Eugene Goodheart

  • The company we keep: An Ethics of Fiction by Wayne Booth
    California, 485 pp, $29.55, November 1988, ISBN 0 520 06203 5

Wayne Booth begins his new book by recalling how in the early Sixties he and his colleagues at the University of Chicago could ignore the distress of a young black assistant professor, Paul Moses, who declared that he would no longer teach Huckleberry Finn because he found the portrayal of Jim offensive. Booth remembers with more than a twinge of conscience that he and his colleagues found the challenge to Mark Twain’s great novel offensive because it violated ‘academic norms of objectivity’. Anyone teaching literature and writing criticism nowadays knows that the appeal to objectivity will no longer do. Indeed, any such appeal may even be suspected – for instance, in the case of Huckleberry Finn – of masking a racist bias. Booth does not admit a racist bias in the invoking of academic norms, but he is convinced that the peremptory dismissal of Moses’ challenge to a canonical work was profoundly wrong and The company we keep is in part an attempt to show why.

Booth undertakes to reread Huckleberry Finn with the challenge in mind, in order to see what he can learn about the book and about his own ethical assumptions in reading it. In a similar spirit, he engages the feminist challenge to Rabelais’s sexism in Gargantua and Pantagruel, and to Jane Austen’s complicity with male authority in Emma, works he has long loved and admired. The reconsiderations of Rabelais, Austen and Twain, however, are only a part of a larger enterprise to rehabilitate the nearly lost practice of ethical criticism.

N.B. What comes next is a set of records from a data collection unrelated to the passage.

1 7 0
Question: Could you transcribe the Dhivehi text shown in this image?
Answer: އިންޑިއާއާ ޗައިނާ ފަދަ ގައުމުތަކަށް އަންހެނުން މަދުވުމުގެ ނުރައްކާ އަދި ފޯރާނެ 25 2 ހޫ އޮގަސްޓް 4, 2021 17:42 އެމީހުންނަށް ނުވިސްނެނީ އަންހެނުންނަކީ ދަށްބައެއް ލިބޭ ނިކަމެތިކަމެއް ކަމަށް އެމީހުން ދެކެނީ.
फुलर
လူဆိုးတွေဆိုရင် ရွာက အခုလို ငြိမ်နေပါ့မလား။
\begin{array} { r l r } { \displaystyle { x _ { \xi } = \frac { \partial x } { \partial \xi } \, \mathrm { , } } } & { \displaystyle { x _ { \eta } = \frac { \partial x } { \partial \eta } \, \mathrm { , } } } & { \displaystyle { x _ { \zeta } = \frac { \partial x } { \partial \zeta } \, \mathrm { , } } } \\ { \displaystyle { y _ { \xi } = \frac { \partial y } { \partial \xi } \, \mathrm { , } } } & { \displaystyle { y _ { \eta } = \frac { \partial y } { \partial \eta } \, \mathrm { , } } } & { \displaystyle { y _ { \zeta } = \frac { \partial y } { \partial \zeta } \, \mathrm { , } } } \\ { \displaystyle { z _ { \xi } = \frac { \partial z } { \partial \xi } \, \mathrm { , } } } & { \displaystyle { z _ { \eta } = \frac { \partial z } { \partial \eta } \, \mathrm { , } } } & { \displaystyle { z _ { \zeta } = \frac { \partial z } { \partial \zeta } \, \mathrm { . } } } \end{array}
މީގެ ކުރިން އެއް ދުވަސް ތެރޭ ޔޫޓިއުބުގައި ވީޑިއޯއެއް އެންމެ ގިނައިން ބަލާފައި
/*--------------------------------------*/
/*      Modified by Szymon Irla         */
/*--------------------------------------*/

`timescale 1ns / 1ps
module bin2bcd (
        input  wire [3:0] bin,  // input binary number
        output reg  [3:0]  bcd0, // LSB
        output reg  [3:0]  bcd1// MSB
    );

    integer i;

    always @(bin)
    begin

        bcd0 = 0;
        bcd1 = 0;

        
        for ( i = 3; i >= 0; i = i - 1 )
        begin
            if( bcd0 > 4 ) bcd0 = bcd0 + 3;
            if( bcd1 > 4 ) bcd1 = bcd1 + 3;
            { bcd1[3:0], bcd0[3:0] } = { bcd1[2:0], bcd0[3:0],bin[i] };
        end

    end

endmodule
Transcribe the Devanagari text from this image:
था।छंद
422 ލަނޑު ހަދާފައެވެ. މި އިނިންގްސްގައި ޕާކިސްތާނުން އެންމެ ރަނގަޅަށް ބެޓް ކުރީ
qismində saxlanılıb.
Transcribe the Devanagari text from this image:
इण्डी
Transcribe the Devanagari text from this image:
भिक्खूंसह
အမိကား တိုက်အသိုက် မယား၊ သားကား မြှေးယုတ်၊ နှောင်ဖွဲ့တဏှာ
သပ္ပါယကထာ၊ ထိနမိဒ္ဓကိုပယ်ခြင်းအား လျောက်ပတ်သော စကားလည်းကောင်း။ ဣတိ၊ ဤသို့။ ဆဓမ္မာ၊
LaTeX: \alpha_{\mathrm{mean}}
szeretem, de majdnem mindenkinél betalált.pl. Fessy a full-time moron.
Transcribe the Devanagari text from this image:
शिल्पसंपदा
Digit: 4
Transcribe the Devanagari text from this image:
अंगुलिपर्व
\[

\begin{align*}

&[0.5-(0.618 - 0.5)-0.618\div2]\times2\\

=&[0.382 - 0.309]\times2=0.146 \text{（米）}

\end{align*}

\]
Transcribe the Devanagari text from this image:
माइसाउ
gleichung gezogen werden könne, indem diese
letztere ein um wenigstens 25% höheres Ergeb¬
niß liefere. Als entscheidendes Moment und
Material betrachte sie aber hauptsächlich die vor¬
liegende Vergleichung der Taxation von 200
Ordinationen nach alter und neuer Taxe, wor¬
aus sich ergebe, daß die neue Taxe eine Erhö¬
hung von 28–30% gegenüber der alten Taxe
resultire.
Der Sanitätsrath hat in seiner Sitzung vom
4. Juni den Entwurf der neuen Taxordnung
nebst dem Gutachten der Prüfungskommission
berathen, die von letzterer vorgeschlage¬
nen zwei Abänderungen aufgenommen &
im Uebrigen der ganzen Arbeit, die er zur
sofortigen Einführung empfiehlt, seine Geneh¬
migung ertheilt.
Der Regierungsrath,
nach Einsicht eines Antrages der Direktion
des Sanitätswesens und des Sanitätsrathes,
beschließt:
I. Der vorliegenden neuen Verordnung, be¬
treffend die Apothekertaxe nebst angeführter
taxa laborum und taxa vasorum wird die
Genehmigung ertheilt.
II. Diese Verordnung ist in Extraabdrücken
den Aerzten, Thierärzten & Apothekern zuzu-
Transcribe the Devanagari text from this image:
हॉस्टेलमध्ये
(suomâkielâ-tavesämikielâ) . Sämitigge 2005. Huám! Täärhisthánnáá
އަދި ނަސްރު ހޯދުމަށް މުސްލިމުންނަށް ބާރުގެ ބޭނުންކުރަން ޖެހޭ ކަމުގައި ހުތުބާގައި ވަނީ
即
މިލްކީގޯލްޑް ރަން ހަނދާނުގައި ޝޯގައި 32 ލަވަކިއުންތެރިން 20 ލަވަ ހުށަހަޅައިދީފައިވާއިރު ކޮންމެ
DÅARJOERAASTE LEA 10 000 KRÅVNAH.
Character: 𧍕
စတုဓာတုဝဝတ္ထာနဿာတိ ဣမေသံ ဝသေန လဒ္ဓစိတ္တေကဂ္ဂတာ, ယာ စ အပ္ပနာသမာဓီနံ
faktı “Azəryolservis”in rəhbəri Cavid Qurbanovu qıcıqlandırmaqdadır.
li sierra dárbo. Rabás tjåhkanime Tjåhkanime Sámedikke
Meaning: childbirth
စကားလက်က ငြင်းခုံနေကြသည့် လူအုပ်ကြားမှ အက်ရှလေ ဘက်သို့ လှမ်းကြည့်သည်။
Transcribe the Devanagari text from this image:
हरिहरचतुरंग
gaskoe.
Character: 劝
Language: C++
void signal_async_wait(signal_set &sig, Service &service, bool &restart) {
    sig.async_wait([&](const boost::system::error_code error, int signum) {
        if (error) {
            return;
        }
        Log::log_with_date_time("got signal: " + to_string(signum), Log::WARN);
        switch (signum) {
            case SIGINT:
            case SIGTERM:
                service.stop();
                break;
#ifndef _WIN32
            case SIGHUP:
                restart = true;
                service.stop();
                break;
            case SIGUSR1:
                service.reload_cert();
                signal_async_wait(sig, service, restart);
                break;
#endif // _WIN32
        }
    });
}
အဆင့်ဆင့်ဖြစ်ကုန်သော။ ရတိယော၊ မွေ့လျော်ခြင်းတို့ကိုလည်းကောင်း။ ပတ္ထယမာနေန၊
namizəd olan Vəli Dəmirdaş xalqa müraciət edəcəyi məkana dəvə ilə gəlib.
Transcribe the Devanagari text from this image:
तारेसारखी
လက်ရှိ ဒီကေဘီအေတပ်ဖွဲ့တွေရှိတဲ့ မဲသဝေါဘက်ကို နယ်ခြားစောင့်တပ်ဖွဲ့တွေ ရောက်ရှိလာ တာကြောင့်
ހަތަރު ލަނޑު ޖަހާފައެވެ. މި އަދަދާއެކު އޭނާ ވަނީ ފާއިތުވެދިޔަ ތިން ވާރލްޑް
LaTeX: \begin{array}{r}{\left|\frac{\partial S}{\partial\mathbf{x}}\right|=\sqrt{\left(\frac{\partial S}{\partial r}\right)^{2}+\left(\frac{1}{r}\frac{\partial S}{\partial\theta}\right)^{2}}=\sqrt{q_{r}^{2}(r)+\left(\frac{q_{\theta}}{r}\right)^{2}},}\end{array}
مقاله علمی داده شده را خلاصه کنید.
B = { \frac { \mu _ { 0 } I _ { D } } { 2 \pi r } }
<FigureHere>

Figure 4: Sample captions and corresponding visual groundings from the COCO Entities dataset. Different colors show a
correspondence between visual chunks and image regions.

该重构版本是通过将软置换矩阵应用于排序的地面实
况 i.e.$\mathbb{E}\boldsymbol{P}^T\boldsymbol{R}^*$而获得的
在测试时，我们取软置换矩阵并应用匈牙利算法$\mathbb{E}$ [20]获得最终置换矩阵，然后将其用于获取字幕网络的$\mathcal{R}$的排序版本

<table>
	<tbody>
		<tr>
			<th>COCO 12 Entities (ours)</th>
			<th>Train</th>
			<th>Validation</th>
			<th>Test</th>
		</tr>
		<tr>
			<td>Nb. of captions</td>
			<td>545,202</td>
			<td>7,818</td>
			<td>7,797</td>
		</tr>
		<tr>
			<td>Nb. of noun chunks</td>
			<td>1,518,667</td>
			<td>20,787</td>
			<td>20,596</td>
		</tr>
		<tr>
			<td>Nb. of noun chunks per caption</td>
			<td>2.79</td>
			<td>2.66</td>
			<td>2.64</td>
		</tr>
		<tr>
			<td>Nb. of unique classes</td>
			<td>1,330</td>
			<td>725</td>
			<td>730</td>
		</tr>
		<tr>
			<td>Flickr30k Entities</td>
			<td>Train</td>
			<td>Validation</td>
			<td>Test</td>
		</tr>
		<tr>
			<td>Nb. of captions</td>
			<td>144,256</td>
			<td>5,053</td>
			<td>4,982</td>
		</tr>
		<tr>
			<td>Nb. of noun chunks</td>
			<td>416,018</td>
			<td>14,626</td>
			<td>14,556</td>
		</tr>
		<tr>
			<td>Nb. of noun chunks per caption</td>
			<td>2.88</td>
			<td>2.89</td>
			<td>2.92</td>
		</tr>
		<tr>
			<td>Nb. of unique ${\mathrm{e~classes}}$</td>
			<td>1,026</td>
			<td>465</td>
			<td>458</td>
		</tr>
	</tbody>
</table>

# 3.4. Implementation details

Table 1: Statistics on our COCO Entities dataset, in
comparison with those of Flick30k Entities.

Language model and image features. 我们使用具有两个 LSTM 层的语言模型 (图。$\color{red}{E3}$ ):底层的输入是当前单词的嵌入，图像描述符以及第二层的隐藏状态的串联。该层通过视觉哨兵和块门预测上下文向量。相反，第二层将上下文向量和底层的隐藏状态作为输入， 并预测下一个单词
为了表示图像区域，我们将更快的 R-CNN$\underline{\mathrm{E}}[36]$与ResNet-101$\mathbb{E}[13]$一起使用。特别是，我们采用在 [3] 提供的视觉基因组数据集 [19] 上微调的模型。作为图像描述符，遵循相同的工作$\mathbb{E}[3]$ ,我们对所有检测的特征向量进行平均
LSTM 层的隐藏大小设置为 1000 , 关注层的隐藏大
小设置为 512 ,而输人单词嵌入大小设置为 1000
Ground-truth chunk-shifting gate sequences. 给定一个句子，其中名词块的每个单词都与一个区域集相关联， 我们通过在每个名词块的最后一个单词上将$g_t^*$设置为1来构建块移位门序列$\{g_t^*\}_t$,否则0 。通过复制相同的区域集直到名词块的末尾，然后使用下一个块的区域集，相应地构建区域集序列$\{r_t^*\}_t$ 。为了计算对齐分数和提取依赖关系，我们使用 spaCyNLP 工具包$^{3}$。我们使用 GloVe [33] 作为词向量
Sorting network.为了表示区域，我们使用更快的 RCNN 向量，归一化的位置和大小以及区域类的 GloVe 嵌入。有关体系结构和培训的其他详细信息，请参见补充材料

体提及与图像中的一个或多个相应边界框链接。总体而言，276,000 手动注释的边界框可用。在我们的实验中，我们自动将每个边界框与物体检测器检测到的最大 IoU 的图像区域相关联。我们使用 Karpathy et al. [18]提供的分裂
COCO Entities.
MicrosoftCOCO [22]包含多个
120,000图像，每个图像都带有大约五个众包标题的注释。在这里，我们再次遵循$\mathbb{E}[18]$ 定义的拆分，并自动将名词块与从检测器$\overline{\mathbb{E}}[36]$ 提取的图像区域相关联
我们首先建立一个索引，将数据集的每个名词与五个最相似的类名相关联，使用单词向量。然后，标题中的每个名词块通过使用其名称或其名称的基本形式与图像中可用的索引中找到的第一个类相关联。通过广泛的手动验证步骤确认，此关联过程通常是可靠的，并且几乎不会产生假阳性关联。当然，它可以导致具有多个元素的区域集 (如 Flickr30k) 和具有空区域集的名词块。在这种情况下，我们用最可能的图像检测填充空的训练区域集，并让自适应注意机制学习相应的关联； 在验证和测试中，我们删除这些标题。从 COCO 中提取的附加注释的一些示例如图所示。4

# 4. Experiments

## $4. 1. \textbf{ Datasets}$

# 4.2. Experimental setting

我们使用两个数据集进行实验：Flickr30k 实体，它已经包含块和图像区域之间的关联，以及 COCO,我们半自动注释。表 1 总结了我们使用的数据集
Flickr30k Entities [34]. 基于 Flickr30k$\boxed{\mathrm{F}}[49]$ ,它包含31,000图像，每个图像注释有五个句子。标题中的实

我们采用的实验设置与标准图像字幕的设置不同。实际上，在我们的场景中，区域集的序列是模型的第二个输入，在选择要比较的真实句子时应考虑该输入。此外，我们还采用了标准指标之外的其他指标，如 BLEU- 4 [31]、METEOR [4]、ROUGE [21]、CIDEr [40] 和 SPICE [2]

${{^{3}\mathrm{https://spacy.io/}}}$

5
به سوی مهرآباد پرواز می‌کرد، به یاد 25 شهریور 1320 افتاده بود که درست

There is no single account of why ethical criticism has lost authority. My own explanation would focus on a ‘conspiracy’ of Structuralists (anticipated by Northrop Frye’s attempt to put criticism on a scientific basis) and radically sceptical Post-Structuralists who in effect confined evaluative criticism to the capricious history of taste. With the advent of a more theoretically rigorous criticism, the immense critical authority of moral critics like F.R. Leavis and Lionel Trilling virtually disappeared in the Sixties. Richard Rorty speaks of ‘the current struggle in American literary circles between ... old-fashioned storytelling novelists and ironist critics’ as ‘a symptom of the inability of intellectuals to take such novels seriously as moral testimonies’. If one takes seriously ‘ambiguity, intertextuality and the like’, as ironist critics do, one could not, Rorty argues, ‘really recognise morality as a possible form of life’. This formulation misleadingly opposes morality and ambiguity, because it confounds moral life with doctrine or dogma. We need only the reminder of Henry James, who, while cautioning against any ‘moral restrictions set upon the field of consciousness’, affirmed the moral character of art: ‘to count out the moral element in one’s appreciation of an artistic total is exactly as sane as it would be (if the total were a poem) to eliminate all the words in three syllables.’ Rorty’s statement is symptomatic of the low repute into which ethical criticism has fallen.

This is not, however, the whole story. While the moral criticism practised in the Fifties has lost authority, the ethical has returned sometimes in the guise of political ideology, gender and race. It is not fortuitous that Booth begins his work with Paul Moses. The challenge to Huckleberry Finn in the early Sixties was a harbinger of the revolts in the latter part of the decade, revolts which persist in the academic politics of the Eighties. The ethical has not only returned, it has become inescapable.

The company we keep (nine years in the making) has appeared at a moment when ethical issues have already established themselves as a matter of renewed literary and philosophical concern. I have in mind the recent work of Hillis Miller (The Ethics of Reading), Tobin Sieber (The Ethics of Criticism), Alisdair MacIntyre (After Virtue) and Barbara Hernnstein Smith (Contingencies of Value). What Booth has rediscovered is that ethical criticism is in a sense a redundancy, since all criticism, whether it knows it or not, is value-laden, even criticism that thinks of itself as value-neutral. Booth chooses to call ethical what others might call ideological.